Ping Xie, Ying Wang, Jian Yu, Yan Lv, Shengcui Cheng, Yingying Hao, Xiaoling Chen, Tengyu Zhang, Jie Chen

Abstract

Motor control is a complex process of coordination and information interaction among neural, motor, and sensory functions. Investigating the correlation between motor-physiological information helps to understand the human motor control mechanisms and is important for the assessment of motor function status. In this manuscript, we investigated the differences in the neuromotor coupling analysis between healthy controls and stroke patients in different movements. We applied the corticokinematic coherence (CKC) function between the electroencephalogram (EEG) and acceleration (ACC) data.
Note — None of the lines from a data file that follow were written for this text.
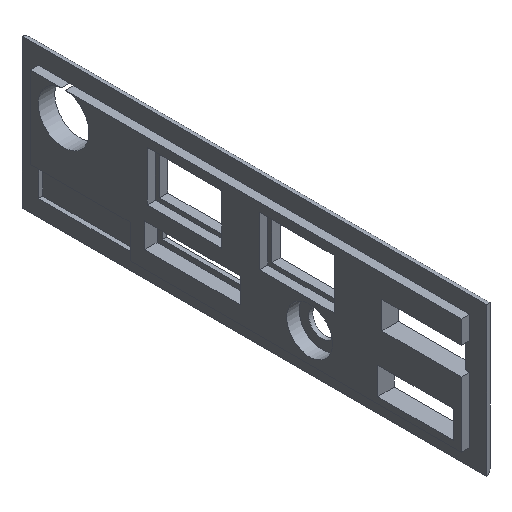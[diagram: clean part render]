
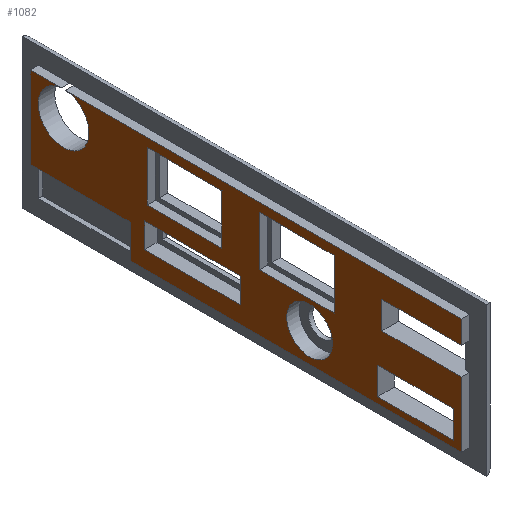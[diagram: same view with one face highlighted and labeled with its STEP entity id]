
A CAD part, isometric view. The second image highlights one B-rep face of the part: STEP entity #1082.
In plain terms, the highlighted planar face has unit normal (-1, 0, 0).
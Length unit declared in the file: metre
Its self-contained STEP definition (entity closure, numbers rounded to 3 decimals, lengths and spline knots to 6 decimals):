
#23=CIRCLE('',#1154,0.00275);
#24=CIRCLE('',#1155,0.00305);
#33=ORIENTED_EDGE('',*,*,#339,.T.);
#34=ORIENTED_EDGE('',*,*,#340,.T.);
#35=ORIENTED_EDGE('',*,*,#341,.F.);
#36=ORIENTED_EDGE('',*,*,#342,.F.);
#37=ORIENTED_EDGE('',*,*,#343,.F.);
#38=ORIENTED_EDGE('',*,*,#344,.T.);
#39=ORIENTED_EDGE('',*,*,#345,.T.);
#40=ORIENTED_EDGE('',*,*,#346,.T.);
#41=ORIENTED_EDGE('',*,*,#347,.F.);
#42=ORIENTED_EDGE('',*,*,#348,.F.);
#43=ORIENTED_EDGE('',*,*,#338,.T.);
#44=ORIENTED_EDGE('',*,*,#349,.F.);
#45=ORIENTED_EDGE('',*,*,#350,.F.);
#46=ORIENTED_EDGE('',*,*,#351,.F.);
#47=ORIENTED_EDGE('',*,*,#352,.F.);
#48=ORIENTED_EDGE('',*,*,#353,.T.);
#49=ORIENTED_EDGE('',*,*,#354,.T.);
#50=ORIENTED_EDGE('',*,*,#355,.T.);
#51=ORIENTED_EDGE('',*,*,#356,.T.);
#52=ORIENTED_EDGE('',*,*,#357,.T.);
#53=ORIENTED_EDGE('',*,*,#358,.F.);
#54=ORIENTED_EDGE('',*,*,#359,.T.);
#55=ORIENTED_EDGE('',*,*,#360,.F.);
#56=ORIENTED_EDGE('',*,*,#361,.F.);
#57=ORIENTED_EDGE('',*,*,#362,.T.);
#58=ORIENTED_EDGE('',*,*,#363,.T.);
#59=ORIENTED_EDGE('',*,*,#364,.T.);
#60=ORIENTED_EDGE('',*,*,#365,.F.);
#61=ORIENTED_EDGE('',*,*,#366,.F.);
#338=EDGE_CURVE('',#489,#491,#593,.T.);
#339=EDGE_CURVE('',#492,#493,#594,.T.);
#340=EDGE_CURVE('',#493,#494,#595,.T.);
#341=EDGE_CURVE('',#495,#494,#596,.T.);
#342=EDGE_CURVE('',#492,#495,#597,.T.);
#343=EDGE_CURVE('',#496,#496,#23,.T.);
#344=EDGE_CURVE('',#497,#498,#598,.T.);
#345=EDGE_CURVE('',#498,#499,#599,.T.);
#346=EDGE_CURVE('',#499,#500,#600,.T.);
#347=EDGE_CURVE('',#497,#500,#601,.T.);
#348=EDGE_CURVE('',#489,#501,#602,.T.);
#349=EDGE_CURVE('',#502,#491,#603,.T.);
#350=EDGE_CURVE('',#503,#502,#24,.T.);
#351=EDGE_CURVE('',#504,#503,#604,.T.);
#352=EDGE_CURVE('',#505,#504,#605,.T.);
#353=EDGE_CURVE('',#505,#506,#606,.T.);
#354=EDGE_CURVE('',#506,#507,#607,.T.);
#355=EDGE_CURVE('',#507,#508,#608,.T.);
#356=EDGE_CURVE('',#508,#509,#609,.T.);
#357=EDGE_CURVE('',#509,#510,#610,.T.);
#358=EDGE_CURVE('',#501,#510,#611,.T.);
#359=EDGE_CURVE('',#511,#512,#612,.T.);
#360=EDGE_CURVE('',#513,#512,#613,.T.);
#361=EDGE_CURVE('',#514,#513,#614,.T.);
#362=EDGE_CURVE('',#514,#511,#615,.T.);
#363=EDGE_CURVE('',#515,#516,#616,.T.);
#364=EDGE_CURVE('',#516,#517,#617,.T.);
#365=EDGE_CURVE('',#518,#517,#618,.T.);
#366=EDGE_CURVE('',#515,#518,#619,.T.);
#489=VERTEX_POINT('',#1505);
#491=VERTEX_POINT('',#1509);
#492=VERTEX_POINT('',#1513);
#493=VERTEX_POINT('',#1514);
#494=VERTEX_POINT('',#1516);
#495=VERTEX_POINT('',#1518);
#496=VERTEX_POINT('',#1521);
#497=VERTEX_POINT('',#1523);
#498=VERTEX_POINT('',#1524);
#499=VERTEX_POINT('',#1526);
#500=VERTEX_POINT('',#1528);
#501=VERTEX_POINT('',#1531);
#502=VERTEX_POINT('',#1533);
#503=VERTEX_POINT('',#1535);
#504=VERTEX_POINT('',#1537);
#505=VERTEX_POINT('',#1539);
#506=VERTEX_POINT('',#1541);
#507=VERTEX_POINT('',#1543);
#508=VERTEX_POINT('',#1545);
#509=VERTEX_POINT('',#1547);
#510=VERTEX_POINT('',#1549);
#511=VERTEX_POINT('',#1552);
#512=VERTEX_POINT('',#1553);
#513=VERTEX_POINT('',#1555);
#514=VERTEX_POINT('',#1557);
#515=VERTEX_POINT('',#1560);
#516=VERTEX_POINT('',#1561);
#517=VERTEX_POINT('',#1563);
#518=VERTEX_POINT('',#1565);
#593=LINE('',#1510,#736);
#594=LINE('',#1512,#737);
#595=LINE('',#1515,#738);
#596=LINE('',#1517,#739);
#597=LINE('',#1519,#740);
#598=LINE('',#1522,#741);
#599=LINE('',#1525,#742);
#600=LINE('',#1527,#743);
#601=LINE('',#1529,#744);
#602=LINE('',#1530,#745);
#603=LINE('',#1532,#746);
#604=LINE('',#1536,#747);
#605=LINE('',#1538,#748);
#606=LINE('',#1540,#749);
#607=LINE('',#1542,#750);
#608=LINE('',#1544,#751);
#609=LINE('',#1546,#752);
#610=LINE('',#1548,#753);
#611=LINE('',#1550,#754);
#612=LINE('',#1551,#755);
#613=LINE('',#1554,#756);
#614=LINE('',#1556,#757);
#615=LINE('',#1558,#758);
#616=LINE('',#1559,#759);
#617=LINE('',#1562,#760);
#618=LINE('',#1564,#761);
#619=LINE('',#1566,#762);
#736=VECTOR('',#1227,1.);
#737=VECTOR('',#1230,1.);
#738=VECTOR('',#1231,1.);
#739=VECTOR('',#1232,1.);
#740=VECTOR('',#1233,1.);
#741=VECTOR('',#1236,1.);
#742=VECTOR('',#1237,1.);
#743=VECTOR('',#1238,1.);
#744=VECTOR('',#1239,1.);
#745=VECTOR('',#1240,1.);
#746=VECTOR('',#1241,1.);
#747=VECTOR('',#1244,1.);
#748=VECTOR('',#1245,1.);
#749=VECTOR('',#1246,1.);
#750=VECTOR('',#1247,1.);
#751=VECTOR('',#1248,1.);
#752=VECTOR('',#1249,1.);
#753=VECTOR('',#1250,1.);
#754=VECTOR('',#1251,1.);
#755=VECTOR('',#1252,1.);
#756=VECTOR('',#1253,1.);
#757=VECTOR('',#1254,1.);
#758=VECTOR('',#1255,1.);
#759=VECTOR('',#1256,1.);
#760=VECTOR('',#1257,1.);
#761=VECTOR('',#1258,1.);
#762=VECTOR('',#1259,1.);
#877=EDGE_LOOP('',(#33,#34,#35,#36));
#878=EDGE_LOOP('',(#37));
#879=EDGE_LOOP('',(#38,#39,#40,#41));
#880=EDGE_LOOP('',(#42,#43,#44,#45,#46,#47,#48,#49,#50,#51,#52,#53));
#881=EDGE_LOOP('',(#54,#55,#56,#57));
#882=EDGE_LOOP('',(#58,#59,#60,#61));
#954=FACE_BOUND('',#877,.T.);
#955=FACE_BOUND('',#878,.T.);
#956=FACE_BOUND('',#879,.T.);
#957=FACE_BOUND('',#880,.T.);
#958=FACE_BOUND('',#881,.T.);
#959=FACE_BOUND('',#882,.T.);
#1031=PLANE('',#1153);
#1082=ADVANCED_FACE('',(#954,#955,#956,#957,#958,#959),#1031,.F.);
#1153=AXIS2_PLACEMENT_3D('',#1511,#1228,#1229);
#1154=AXIS2_PLACEMENT_3D('',#1520,#1234,#1235);
#1155=AXIS2_PLACEMENT_3D('',#1534,#1242,#1243);
#1227=DIRECTION('',(0.,0.,1.));
#1228=DIRECTION('',(1.,0.,0.));
#1229=DIRECTION('',(0.,1.,0.));
#1230=DIRECTION('',(0.,1.,0.));
#1231=DIRECTION('',(0.,0.,1.));
#1232=DIRECTION('',(0.,1.,0.));
#1233=DIRECTION('',(0.,0.,1.));
#1234=DIRECTION('',(-1.,0.,0.));
#1235=DIRECTION('',(0.,0.,1.));
#1236=DIRECTION('',(0.,-1.,0.));
#1237=DIRECTION('',(0.,0.,-1.));
#1238=DIRECTION('',(0.,1.,0.));
#1239=DIRECTION('',(0.,0.,-1.));
#1240=DIRECTION('',(0.,1.,0.));
#1241=DIRECTION('',(0.,-1.,0.));
#1242=DIRECTION('',(-1.,0.,0.));
#1243=DIRECTION('',(0.,0.,1.));
#1244=DIRECTION('',(0.,-1.,0.));
#1245=DIRECTION('',(0.,0.,1.));
#1246=DIRECTION('',(0.,-1.,0.));
#1247=DIRECTION('',(0.,0.,-1.));
#1248=DIRECTION('',(0.,-1.,0.));
#1249=DIRECTION('',(0.,0.,1.));
#1250=DIRECTION('',(0.,1.,0.));
#1251=DIRECTION('',(0.,0.,-1.));
#1252=DIRECTION('',(0.,0.,-1.));
#1253=DIRECTION('',(0.,-1.,0.));
#1254=DIRECTION('',(0.,0.,-1.));
#1255=DIRECTION('',(0.,-1.,0.));
#1256=DIRECTION('',(0.,1.,0.));
#1257=DIRECTION('',(0.,0.,1.));
#1258=DIRECTION('',(0.,1.,0.));
#1259=DIRECTION('',(0.,0.,1.));
#1505=CARTESIAN_POINT('',(-0.001,-0.027079,0.001701));
#1509=CARTESIAN_POINT('',(-0.001,-0.027079,0.004451));
#1510=CARTESIAN_POINT('',(-0.001,-0.027079,-0.002499));
#1511=CARTESIAN_POINT('',(-0.001,-0.001129,-0.002499));
#1512=CARTESIAN_POINT('',(-0.001,-0.007229,-0.002599));
#1513=CARTESIAN_POINT('',(-0.001,-0.011729,-0.002599));
#1514=CARTESIAN_POINT('',(-0.001,-0.002729,-0.002599));
#1515=CARTESIAN_POINT('',(-0.001,-0.002729,0.000401));
#1516=CARTESIAN_POINT('',(-0.001,-0.002729,0.003401));
#1517=CARTESIAN_POINT('',(-0.001,-0.007229,0.003401));
#1518=CARTESIAN_POINT('',(-0.001,-0.011729,0.003401));
#1519=CARTESIAN_POINT('',(-0.001,-0.011729,0.000401));
#1520=CARTESIAN_POINT('',(-0.001,-0.008779,-0.005899));
#1521=CARTESIAN_POINT('',(-0.001,-0.008779,-0.003149));
#1522=CARTESIAN_POINT('',(-0.001,-0.021529,-0.005399));
#1523=CARTESIAN_POINT('',(-0.001,-0.016979,-0.005399));
#1524=CARTESIAN_POINT('',(-0.001,-0.026079,-0.005399));
#1525=CARTESIAN_POINT('',(-0.001,-0.026079,-0.007049));
#1526=CARTESIAN_POINT('',(-0.001,-0.026079,-0.008699));
#1527=CARTESIAN_POINT('',(-0.001,-0.021529,-0.008699));
#1528=CARTESIAN_POINT('',(-0.001,-0.016979,-0.008699));
#1529=CARTESIAN_POINT('',(-0.001,-0.016979,-0.007049));
#1530=CARTESIAN_POINT('',(-0.001,-0.022029,0.001701));
#1531=CARTESIAN_POINT('',(-0.001,-0.017479,0.001701));
#1532=CARTESIAN_POINT('',(-0.001,-0.001129,0.004451));
#1533=CARTESIAN_POINT('',(-0.001,0.020574,0.004451));
#1534=CARTESIAN_POINT('',(-0.001,0.020821,0.001411));
#1535=CARTESIAN_POINT('',(-0.001,0.021068,0.004451));
#1536=CARTESIAN_POINT('',(-0.001,-0.001129,0.004451));
#1537=CARTESIAN_POINT('',(-0.001,0.024821,0.004451));
#1538=CARTESIAN_POINT('',(-0.001,0.024821,-0.002499));
#1539=CARTESIAN_POINT('',(-0.001,0.024821,-0.005399));
#1540=CARTESIAN_POINT('',(-0.001,0.018821,-0.005399));
#1541=CARTESIAN_POINT('',(-0.001,0.012821,-0.005399));
#1542=CARTESIAN_POINT('',(-0.001,0.012821,-0.007424));
#1543=CARTESIAN_POINT('',(-0.001,0.012821,-0.009449));
#1544=CARTESIAN_POINT('',(-0.001,-0.001129,-0.009449));
#1545=CARTESIAN_POINT('',(-0.001,-0.027079,-0.009449));
#1546=CARTESIAN_POINT('',(-0.001,-0.027079,-0.002499));
#1547=CARTESIAN_POINT('',(-0.001,-0.027079,-0.001599));
#1548=CARTESIAN_POINT('',(-0.001,-0.022029,-0.001599));
#1549=CARTESIAN_POINT('',(-0.001,-0.017479,-0.001599));
#1550=CARTESIAN_POINT('',(-0.001,-0.017479,0.000051));
#1551=CARTESIAN_POINT('',(-0.001,-0.000429,-0.006399));
#1552=CARTESIAN_POINT('',(-0.001,-0.000429,-0.004399));
#1553=CARTESIAN_POINT('',(-0.001,-0.000429,-0.007399));
#1554=CARTESIAN_POINT('',(-0.001,0.005321,-0.007399));
#1555=CARTESIAN_POINT('',(-0.001,0.011071,-0.007399));
#1556=CARTESIAN_POINT('',(-0.001,0.011071,-0.006399));
#1557=CARTESIAN_POINT('',(-0.001,0.011071,-0.004399));
#1558=CARTESIAN_POINT('',(-0.001,0.005321,-0.004399));
#1559=CARTESIAN_POINT('',(-0.001,0.006271,-0.002599));
#1560=CARTESIAN_POINT('',(-0.001,0.001771,-0.002599));
#1561=CARTESIAN_POINT('',(-0.001,0.010771,-0.002599));
#1562=CARTESIAN_POINT('',(-0.001,0.010771,0.000401));
#1563=CARTESIAN_POINT('',(-0.001,0.010771,0.003401));
#1564=CARTESIAN_POINT('',(-0.001,0.006271,0.003401));
#1565=CARTESIAN_POINT('',(-0.001,0.001771,0.003401));
#1566=CARTESIAN_POINT('',(-0.001,0.001771,0.000401));

First, we collected the EEG and ACC data from 10 healthy controls and 10 stroke patients under the task of movement execution (ear touch and knee touch) and movement maintenance (ear touch and knee touch). After the preprocessing of raw data, we used frequency domain coherence method to analyze the full-frequency EEG and ACC data, which could be concluded that the CKC intensity in the movement execution was higher than that in the movement maintenance. However, there was no significant difference between healthy subjects and stroke patients. Secondly, the coherence results in local frequency bands showed that low-frequency bands could better reflect the difference between movement execution and maintenance. The intensity of coherence in healthy subjects was significantly higher than that in other bands, but not in stroke patients. Further comparison of coherence results in local frequency bands showed that the intensity of theta band in healthy controls was significantly higher than other rhythms, especially in the knee touch phase. Therefore, we infer that neurodynamic coupling analysis based on EEG and ACC data can show the differences between healthy subjects and stroke patients. Such researches could add to the understanding of neuro-motor control mechanisms and provide new quantitative indicators on the motor function assessment.

摘要

运动控制是神经、运动和感觉功能之间协调和信息交互的复杂过程。研究运动-生理信息之间的相关性有助于了解人类的运动控制机制,对评估运动功能状态具有重要意义。在本手稿中,我们研究了健康对照组和脑卒中患者在不同运动中神经运动耦合分析的差异。我们在脑电图(EEG)和加速度(ACC)数据之间应用了皮质运动学相干(CKC)函数。首先,我们收集了 10 名健康对照组和 10 名脑卒中患者在动作执行(触耳和触膝)和动作维持(触耳和触膝)任务下的脑电图和加速度(ACC)数据。在对原始数据进行预处理后,我们使用频域相干法对全频脑电图和 ACC 数据进行了分析,结果表明,运动执行时的 CKC 强度高于运动维持时的 CKC 强度。然而,健康受试者与脑卒中患者之间并无明显差异。其次,局部频段的相干性结果显示,低频段更能反映运动执行和运动维持之间的差异。健康受试者的相干强度明显高于其他频段,而脑卒中患者则不然。进一步比较局部频段的一致性结果显示,健康对照组的θ频段强度明显高于其他节律,尤其是在触膝阶段。因此,我们推断,基于脑电图和 ACC 数据的神经动力耦合分析可以显示健康受试者和脑卒中患者之间的差异。此类研究可加深对神经运动控制机制的理解,并为运动功能评估提供新的量化指标。